Photocatalytic CO₂ conversion to methanol is demanding for sustainability. Thermochemical processes are energy intensive and often associated with harsh reaction conditions. An economical alternative could be photochemical route which asks for efficient photocatalyst having attributes of ease of electron transfer across metal oxide interface, lower recombination rate and higher CO₂ activation. The present study is focused on (i) tweaking properties of base photocatalysts TiO₂ and ZnO by performing synthesis, in-depth characterization and activity experiments, and (ii) developing property-activity correlation to guide catalyst formulation. Here, CuO was chosen due to its narrow band gap and being p-type semiconductor was beneficial to create heterojunctions with n-type TiO₂ and ZnO. We anticipate that this might promote the charge separation efficiency along with the creation of surface oxygen vacancy facilitating the CO₂ reduction pathways.

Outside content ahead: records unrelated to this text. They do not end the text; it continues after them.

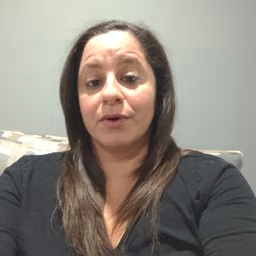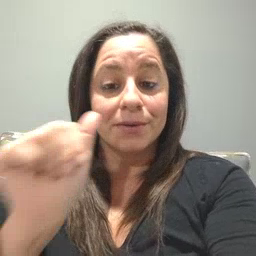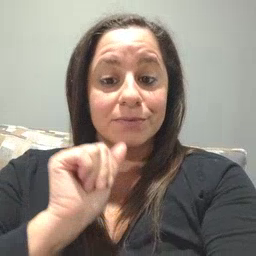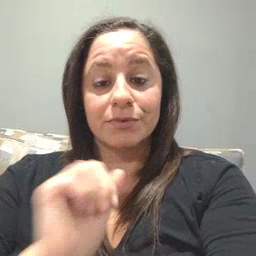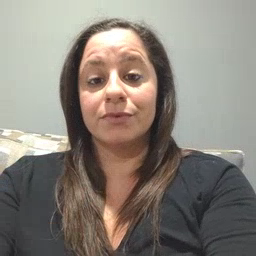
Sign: aunt
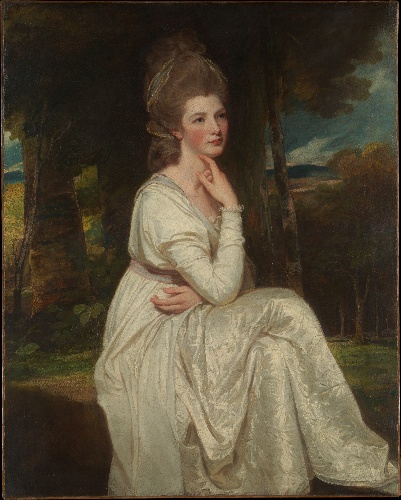
Title: Lady Elizabeth Stanley (1753–1797), Countess of Derby
Artist: George Romney
Artist bio: British, Beckside, Lancashire 1734–1802 Kendal, Cumbria
Date: 1776–78
Object type: Painting
Classification: Paintings
Medium: Oil on canvas
Dimensions: 50 x 40 in. (127 x 101.6 cm)
Department: European Paintings
Credit line: The Jules Bache Collection, 1949
Accession year: 1949
Repository: Metropolitan Museum of Art, New York, NY
Tags: Portraits|Women
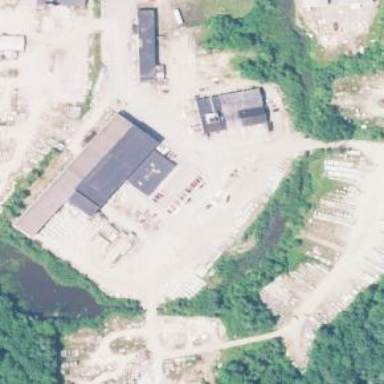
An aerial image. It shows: Industrial building.
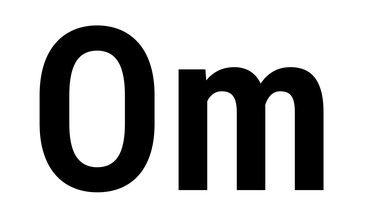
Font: Roboto_Condensed_SemiBold
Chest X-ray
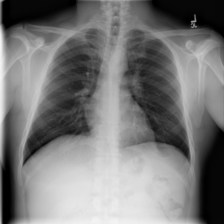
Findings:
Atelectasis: negative
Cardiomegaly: negative
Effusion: negative
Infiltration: negative
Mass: negative
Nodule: negative
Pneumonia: negative
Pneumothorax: negative
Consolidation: negative
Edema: negative
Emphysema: negative
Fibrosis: negative
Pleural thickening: negative
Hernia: negative
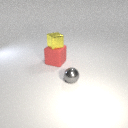
large red rubber cube behind small gray metal sphere
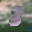
Label: 8

Finally, experimental and First-Principles calculations results were correlated to establish structure-activity relationships.

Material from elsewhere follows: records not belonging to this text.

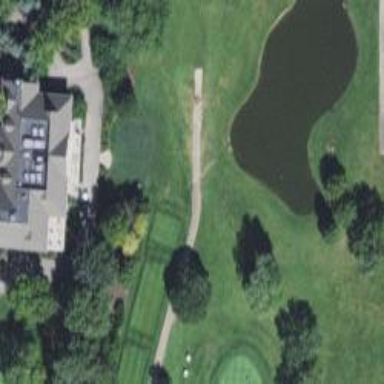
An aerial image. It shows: Service road used as golf cart path.
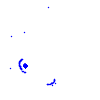
Particle: pion
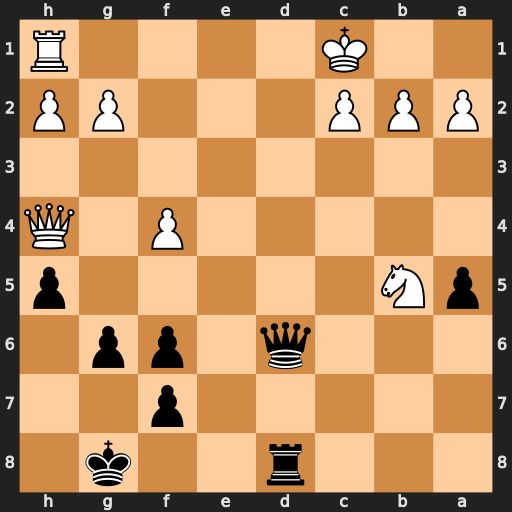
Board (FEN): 3r2k1/5p2/3q1pp1/pN5p/5P1Q/8/PPP3PP/2K4R
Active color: b
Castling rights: -
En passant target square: -
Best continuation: Qd2+ Kb1 Qd1+ Rxd1 Rxd1#
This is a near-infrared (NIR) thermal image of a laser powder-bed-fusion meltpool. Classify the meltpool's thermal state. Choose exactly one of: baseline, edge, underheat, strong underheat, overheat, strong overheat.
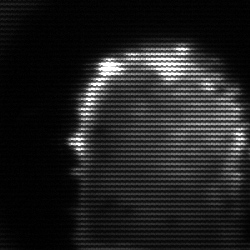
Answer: baseline
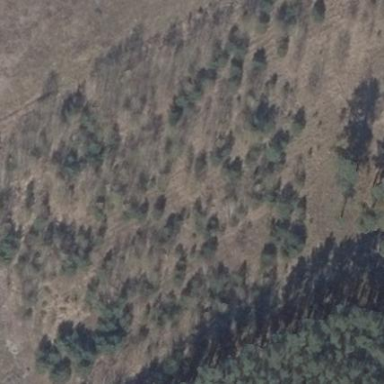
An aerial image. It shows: Patch of scrub vegetation.
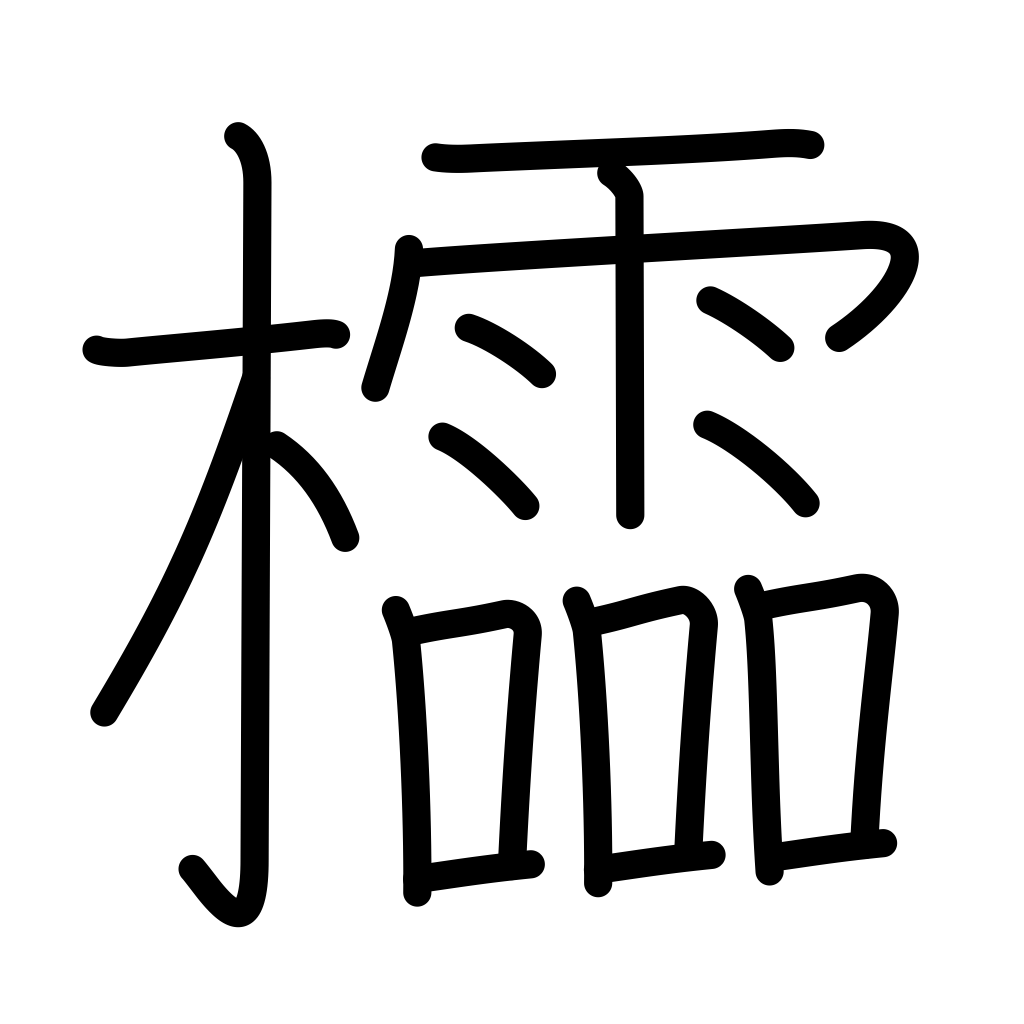
Meaning: latticework
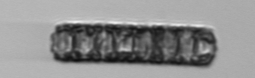
Label: Paralia_sulcata

Both CuO/TiO₂ and CuO/ ZnO heterostructure catalysts were fabricated impeccably, and during photoinduced reactions, both yielded additional methanol compared to TiO₂ and ZnO, respectively, implying successful creation of heterojunction photocatalysts. The higher yield of CuO/TiO₂ than CuO/ZnO demonstrated that TiO₂ is a prominent choice than ZnO due to more narrowing of band gap, better charge separation and lower recombination rate. Finally, methanol yield rate when correlated with separation efficiency and average electron lifetime, it produced almost linear dependency, which are representative of structure-activity relationships. Moreover, the increased oxygen vacancy by adding CuO enabled more CO₂ activation, leading to higher photo-reactivity. Therefore, this study delved into improved understanding on the intrinsic properties of the photocatalysts from experimental characterization and theoretical calculations and finally used them to explain the activity trend. Overall, this approach marks as a rationalised way forward for exploring efficient methanol forming catalysts by photocatalytic CO₂ reduction.